--- EXERCISE BRIEF ---
The first line of the listing opens the range and the line with "#8789 = CARTESIAN_POINT" closes it; repeat those lines and all between them word for word, leaving out the pictures.

--- TASK DATA ---
----------

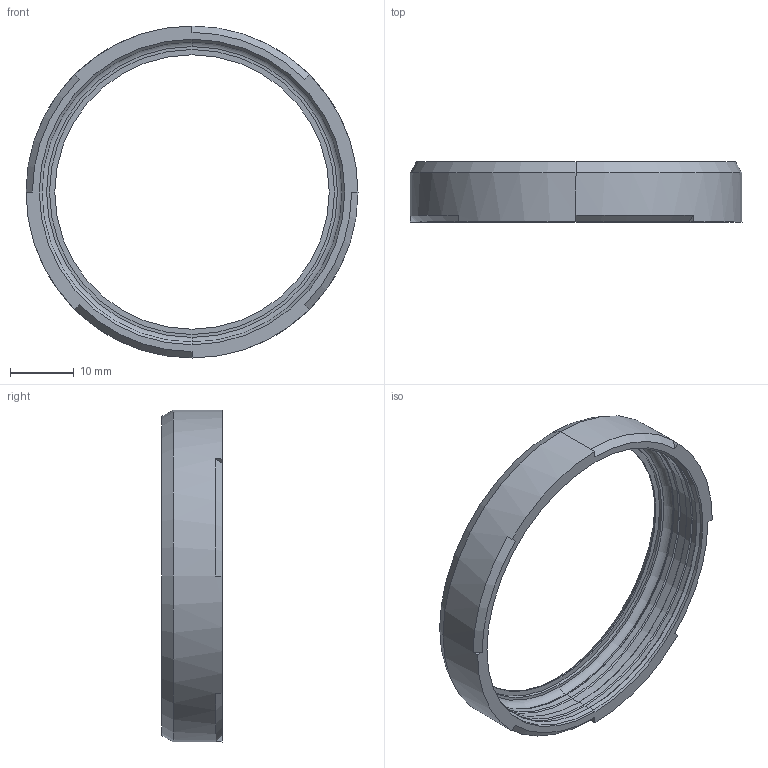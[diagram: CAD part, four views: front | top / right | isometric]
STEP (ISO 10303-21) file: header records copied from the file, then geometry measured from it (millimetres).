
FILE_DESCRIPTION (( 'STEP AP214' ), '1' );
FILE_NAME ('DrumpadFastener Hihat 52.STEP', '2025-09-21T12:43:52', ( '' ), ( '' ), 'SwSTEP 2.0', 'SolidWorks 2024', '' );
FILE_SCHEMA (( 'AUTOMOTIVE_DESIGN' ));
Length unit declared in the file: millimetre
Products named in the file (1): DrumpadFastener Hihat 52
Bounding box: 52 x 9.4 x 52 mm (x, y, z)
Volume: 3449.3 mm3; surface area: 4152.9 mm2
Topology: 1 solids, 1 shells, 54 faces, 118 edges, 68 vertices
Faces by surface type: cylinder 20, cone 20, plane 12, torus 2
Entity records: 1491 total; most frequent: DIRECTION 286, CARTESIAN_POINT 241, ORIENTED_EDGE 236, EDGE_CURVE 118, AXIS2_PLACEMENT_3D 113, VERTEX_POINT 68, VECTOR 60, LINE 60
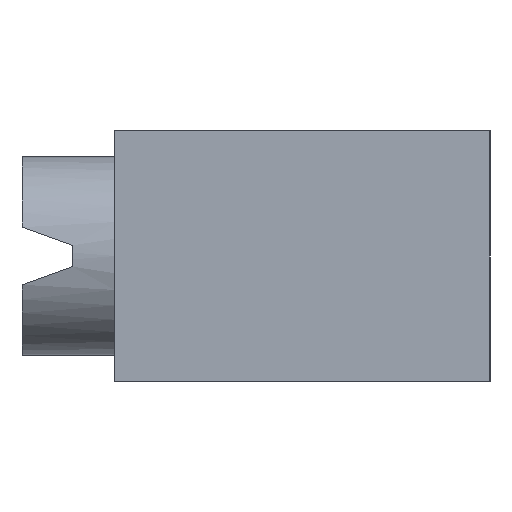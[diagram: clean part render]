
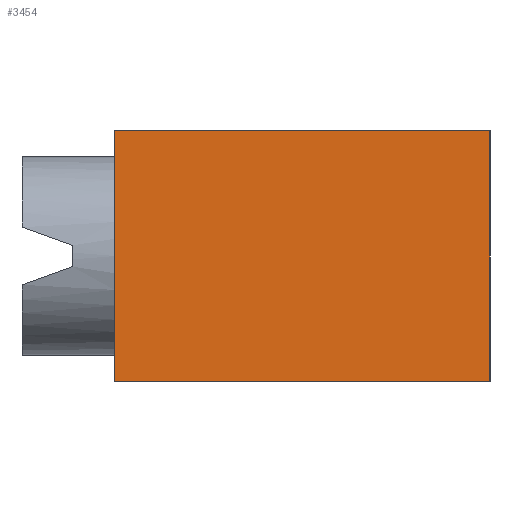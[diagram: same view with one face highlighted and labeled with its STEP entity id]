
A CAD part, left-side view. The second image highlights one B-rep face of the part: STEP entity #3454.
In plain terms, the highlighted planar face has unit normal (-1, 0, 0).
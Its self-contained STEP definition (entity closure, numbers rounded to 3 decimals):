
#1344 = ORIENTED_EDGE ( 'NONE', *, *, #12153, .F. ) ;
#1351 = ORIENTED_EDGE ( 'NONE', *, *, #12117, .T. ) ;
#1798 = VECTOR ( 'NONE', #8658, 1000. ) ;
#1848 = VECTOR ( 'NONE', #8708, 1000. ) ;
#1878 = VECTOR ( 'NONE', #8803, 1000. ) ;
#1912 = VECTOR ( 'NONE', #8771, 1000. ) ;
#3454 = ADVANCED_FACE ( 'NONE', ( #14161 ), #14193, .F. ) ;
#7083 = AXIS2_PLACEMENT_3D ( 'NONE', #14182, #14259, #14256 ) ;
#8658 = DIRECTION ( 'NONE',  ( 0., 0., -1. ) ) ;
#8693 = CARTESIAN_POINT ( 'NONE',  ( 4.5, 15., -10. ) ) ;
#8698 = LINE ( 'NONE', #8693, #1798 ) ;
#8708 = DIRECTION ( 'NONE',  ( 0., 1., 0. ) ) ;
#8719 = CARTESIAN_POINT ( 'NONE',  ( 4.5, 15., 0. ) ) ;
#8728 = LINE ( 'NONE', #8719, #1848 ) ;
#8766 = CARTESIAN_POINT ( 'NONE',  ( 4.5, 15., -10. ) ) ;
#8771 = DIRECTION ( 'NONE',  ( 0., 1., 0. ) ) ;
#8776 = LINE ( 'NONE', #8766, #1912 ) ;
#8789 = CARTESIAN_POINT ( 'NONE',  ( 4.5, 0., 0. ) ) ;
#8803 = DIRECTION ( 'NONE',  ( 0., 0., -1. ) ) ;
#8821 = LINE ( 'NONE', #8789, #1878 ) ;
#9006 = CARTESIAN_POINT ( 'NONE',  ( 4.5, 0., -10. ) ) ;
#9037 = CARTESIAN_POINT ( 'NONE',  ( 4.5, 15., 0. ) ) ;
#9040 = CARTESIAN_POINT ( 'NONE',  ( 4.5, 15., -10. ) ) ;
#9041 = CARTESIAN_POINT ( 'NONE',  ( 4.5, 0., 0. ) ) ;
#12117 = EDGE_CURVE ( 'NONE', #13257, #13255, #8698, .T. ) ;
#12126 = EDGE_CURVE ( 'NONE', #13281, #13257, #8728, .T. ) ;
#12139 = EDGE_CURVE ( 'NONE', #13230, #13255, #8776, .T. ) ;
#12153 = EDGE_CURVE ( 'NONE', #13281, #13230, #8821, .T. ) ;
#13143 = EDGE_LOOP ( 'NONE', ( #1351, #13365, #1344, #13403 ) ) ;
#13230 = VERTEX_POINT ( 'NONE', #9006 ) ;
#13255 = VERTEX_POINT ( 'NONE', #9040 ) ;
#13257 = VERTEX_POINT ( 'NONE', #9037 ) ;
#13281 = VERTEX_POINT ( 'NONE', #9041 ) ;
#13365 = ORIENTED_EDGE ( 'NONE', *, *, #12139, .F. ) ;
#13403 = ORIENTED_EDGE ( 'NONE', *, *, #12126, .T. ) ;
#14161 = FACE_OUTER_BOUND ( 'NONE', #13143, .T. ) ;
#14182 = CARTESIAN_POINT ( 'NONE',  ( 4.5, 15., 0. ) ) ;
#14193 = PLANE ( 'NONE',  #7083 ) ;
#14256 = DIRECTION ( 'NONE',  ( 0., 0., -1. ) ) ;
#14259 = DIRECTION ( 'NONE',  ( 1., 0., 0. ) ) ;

----------

--- OUTPUT FOR THIS EXERCISE ---
[diagram: CAD part, four views: front | top / right | isometric]
STEP (ISO 10303-21) file: header records copied from the file, then geometry measured from it (millimetres).
FILE_DESCRIPTION (( 'STEP AP214' ), '1' );
FILE_NAME ('DrumpadFastener Hihat 52.STEP', '2025-09-21T12:43:52', ( '' ), ( '' ), 'SwSTEP 2.0', 'SolidWorks 2024', '' );
FILE_SCHEMA (( 'AUTOMOTIVE_DESIGN' ));
Length unit declared in the file: millimetre
Products named in the file (1): DrumpadFastener Hihat 52
Bounding box: 52 x 9.4 x 52 mm (x, y, z)
Volume: 3449.3 mm3; surface area: 4152.9 mm2
Topology: 1 solids, 1 shells, 54 faces, 118 edges, 68 vertices
Faces by surface type: cylinder 20, cone 20, plane 12, torus 2
Entity records: 1491 total; most frequent: DIRECTION 286, CARTESIAN_POINT 241, ORIENTED_EDGE 236, EDGE_CURVE 118, AXIS2_PLACEMENT_3D 113, VERTEX_POINT 68, VECTOR 60, LINE 60
[diagram: clean part render]
[diagram: same view with one face highlighted and labeled with its STEP entity id]
A CAD part, left-side view. The second image highlights one B-rep face of the part: STEP entity #3454.
In plain terms, the highlighted planar face has unit normal (-1, 0, 0).
Its self-contained STEP definition (entity closure, numbers rounded to 3 decimals):
#1344 = ORIENTED_EDGE ( 'NONE', *, *, #12153, .F. ) ;
#1351 = ORIENTED_EDGE ( 'NONE', *, *, #12117, .T. ) ;
#1798 = VECTOR ( 'NONE', #8658, 1000. ) ;
#1848 = VECTOR ( 'NONE', #8708, 1000. ) ;
#1878 = VECTOR ( 'NONE', #8803, 1000. ) ;
#1912 = VECTOR ( 'NONE', #8771, 1000. ) ;
#3454 = ADVANCED_FACE ( 'NONE', ( #14161 ), #14193, .F. ) ;
#7083 = AXIS2_PLACEMENT_3D ( 'NONE', #14182, #14259, #14256 ) ;
#8658 = DIRECTION ( 'NONE',  ( 0., 0., -1. ) ) ;
#8693 = CARTESIAN_POINT ( 'NONE',  ( 4.5, 15., -10. ) ) ;
#8698 = LINE ( 'NONE', #8693, #1798 ) ;
#8708 = DIRECTION ( 'NONE',  ( 0., 1., 0. ) ) ;
#8719 = CARTESIAN_POINT ( 'NONE',  ( 4.5, 15., 0. ) ) ;
#8728 = LINE ( 'NONE', #8719, #1848 ) ;
#8766 = CARTESIAN_POINT ( 'NONE',  ( 4.5, 15., -10. ) ) ;
#8771 = DIRECTION ( 'NONE',  ( 0., 1., 0. ) ) ;
#8776 = LINE ( 'NONE', #8766, #1912 ) ;
#8789 = CARTESIAN_POINT ( 'NONE',  ( 4.5, 0., 0. ) ) ;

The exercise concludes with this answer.